Рафал, наверное, улыбнется на том конце невидимого провода. С его-то любовью к рубашкам, пиджакам, классическим прическам – панк…

Воды в ванную набралось столько, что она могла спокойно сесть и согреться. «Джаз-радио», громкость почти на минимуме, шептало утренние новости, первой из которых была внеплановая забастовка железнодорожников. С ванного столика Ева сонной рукой сгребла пилочки, ножницы, щипчики. Телефон положила на полочку, и, уже когда растянулась в ванной и начала осматривать ногти на свет, льющийся из витражного окна за спиной, телефон зазвонил и на экране высветилось: Ludwig Schweiz. Она привычным движением сбросила вызов. Если очень надо – напишет эсэмэс.

И действительно, пока горячая вода, от которой поднимался пар и краснела кожа, прибывала, айфон коротко звякнул – Людвиг приглашал провести выходные в Мюнхене. Она ответила во всегдашней дежурно-вежливой манере, что предложение с радостью принимает, и снова принялась водить пилкой по ногтю.

Выходные она собиралась провести с Рафалом, ее парнем, тоже поляком, который учился в Берлине на режиссера, – и теперь надо как-то объяснять ему очередное исчезновение. Врать, хотя врать она не умела, выдумывать какие-то новые обстоятельства, хотя все уже было использовано до того. Или – молчать.
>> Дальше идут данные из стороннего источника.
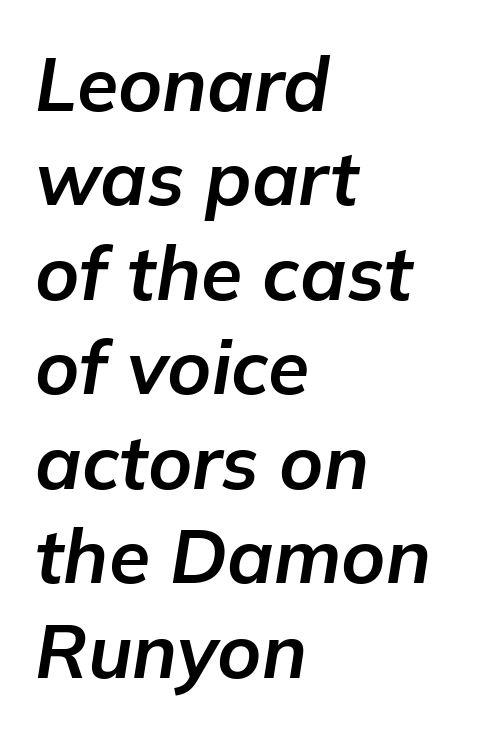
{"italic": "yes", "lean": "right", "slant_degrees": 9, "bold": "yes", "weight": "bold", "width": "normal", "stroke_contrast": "low", "x_height": "medium", "monospaced": "no", "underline": "no", "align": "left", "line_spacing": "normal", "line_spacing_ratio": 1.26, "letter_spacing": "normal", "letter_spacing_em": 0.0, "glyph_px": 75}
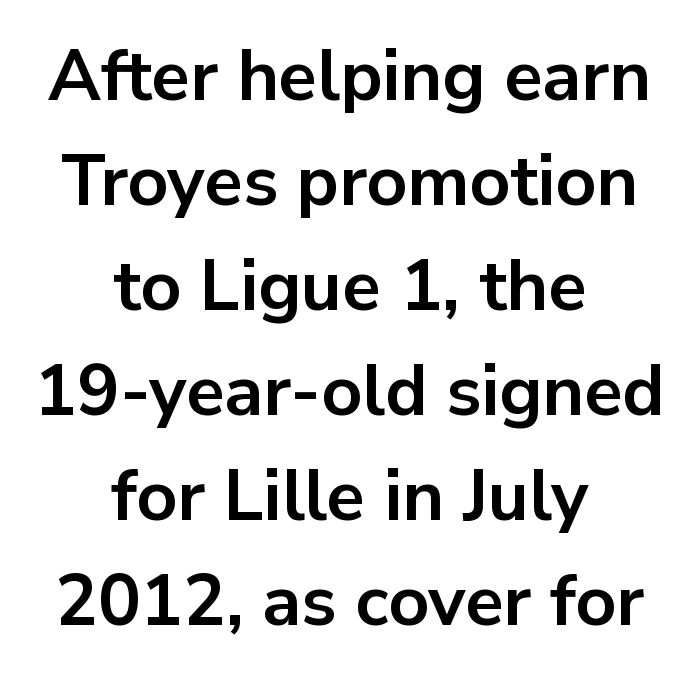
The image shows 71 px bold sans-serif type, upright; set centered, normal line spacing (1.48x), normal letter spacing, not underlined; low stroke contrast and a medium x-height.

Именно из-за этого приглашения, из-за того, что он договорился с ней напрямую, в обход агентства, то есть она получит чистый гонорар, а не проценты, из-за того, что он захотел пойти на эту экскурсию во дворец Линденхоф, этот последний бред Людвига Баварского, – ее не было несколько дней, и в это время Рафал обо всем узнал.

Женщине, которая несколько лет назад, одна, без друзей, не зная языка, приехала в чужую страну, молчать не так уж трудно. Женщине, постоянно выслушивающей чужие разговоры, рассказы, иногда целые исповеди, молчать еще легче. Трудно было только то, что Рафал, кажется, любил ее и, потеряв, сходил с ума, напивался, обрывал телефон. И еще то, что она, кажется, тоже его любила.
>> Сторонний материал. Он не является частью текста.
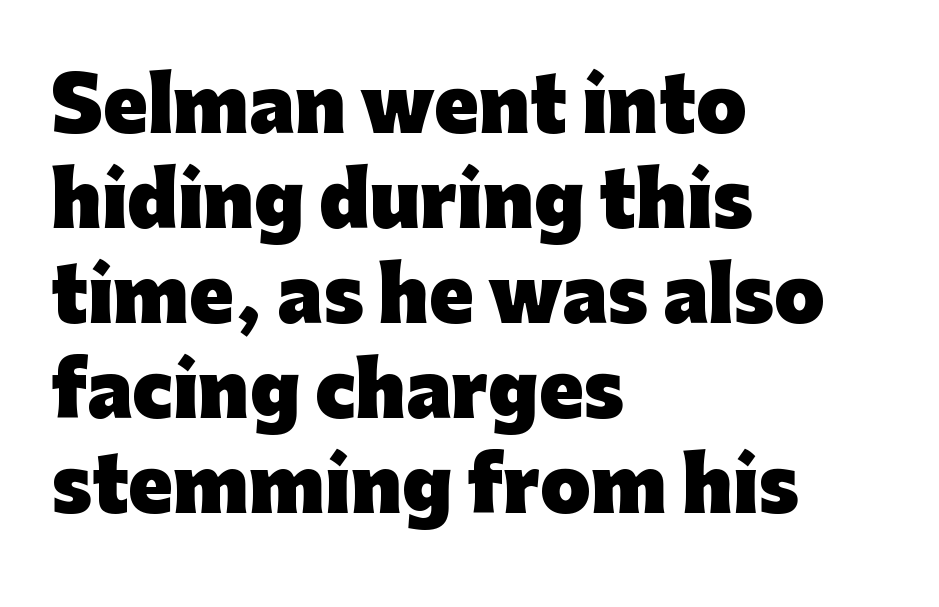
Q: Is the text bold? A: Yes.
Q: Is the text italic (slanted)? A: No, it is upright.
Q: Is the typeface a serif or a sans-serif typeface? A: Sans-serif.
Q: Is the text underlined? A: No.
Q: How is the paragraph aligned? A: Left-aligned.
Q: Is the spacing between letters normal or unusually wide? A: Normal.
Q: Is the spacing between lines tight, normal or loose? A: Normal.
Q: Width (condensed, normal, or wide)? A: Normal.
Q: Stroke contrast? A: Low.
Q: x-height? A: Medium.
Q: Monospaced? A: No.
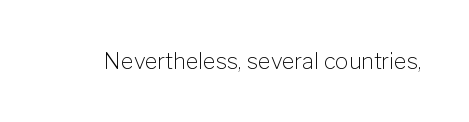
{"italic": "no", "bold": "no", "underline": "no", "letter_spacing": "normal", "letter_spacing_em": 0.0, "glyph_px": 22}
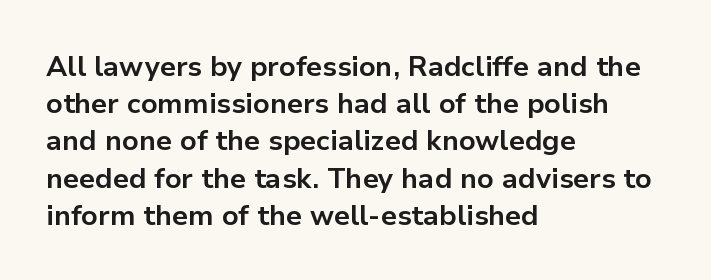
Q: Is the text bold? A: Yes.
Q: Is the text italic (slanted)? A: No, it is upright.
Q: Is the typeface a serif or a sans-serif typeface? A: Sans-serif.
Q: Is the text underlined? A: No.
Q: How is the paragraph aligned? A: Left-aligned.
Q: Is the spacing between letters normal or unusually wide? A: Normal.
Q: Is the spacing between lines tight, normal or loose? A: Normal.
Q: Width (condensed, normal, or wide)? A: Normal.
Q: Stroke contrast? A: Low.
Q: x-height? A: Medium.
Q: Monospaced? A: No.
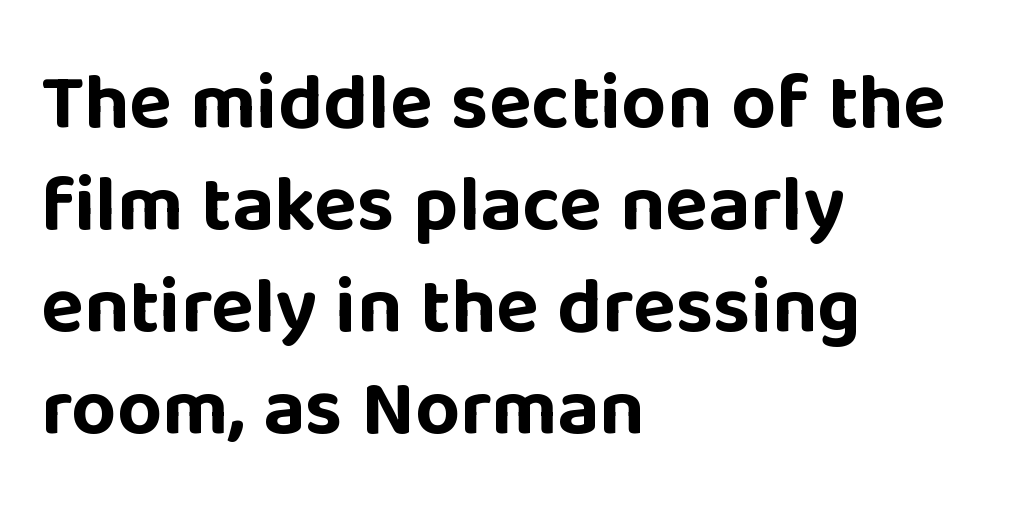
The image shows 79 px bold sans-serif type, upright; set left-aligned, normal line spacing (1.29x), normal letter spacing, not underlined; low stroke contrast and a large x-height.

:))))))) pank… i chto ja tam delal kak pank? Na vokzale sidel?

U menja vse horosho. Chto ty, uzhe vstala?

Покончив с ногтями, с соскребанием мертвой кожи с пяток, с удалением ненужных волосков, Ева вылезала из ванны, запахивалась в черный банный халат Vive Maria! с вышитыми белыми коронами.

«У меня тоже хорошо, – думала она, застыв у зеркала в ореоле матовых лампочек, как в голливудских гримерных, прищурившись, нацеливаясь хищным пинцетом на лишний волосок в брови. – Тоже хорошо, только мне надо ехать в Мюнхен, провести два дня с совершенно чужим человеком, включиться в его жизнь, принять его правила игры».

На полочках в шкафу выстроились ряды шампуней, гелей, пакетиков с масками, ампул с маслами, лаков, эссенций. В коридоре по стенке – ряды плоских шкафов, царство обуви, туфелек на шпильке, на танкетке, с высоким и низким каблуком, с бантиками и без, в стильный винтажный горошек или однотонных, из Франции, Италии, Америки. В комнате, в огромном шкафу – пальто и платья, кофточки и юбки, некоторые – еще с бирками, ни разу не надетые. Верные орудия для создания той безупречной картинки, которая будет явлена миру.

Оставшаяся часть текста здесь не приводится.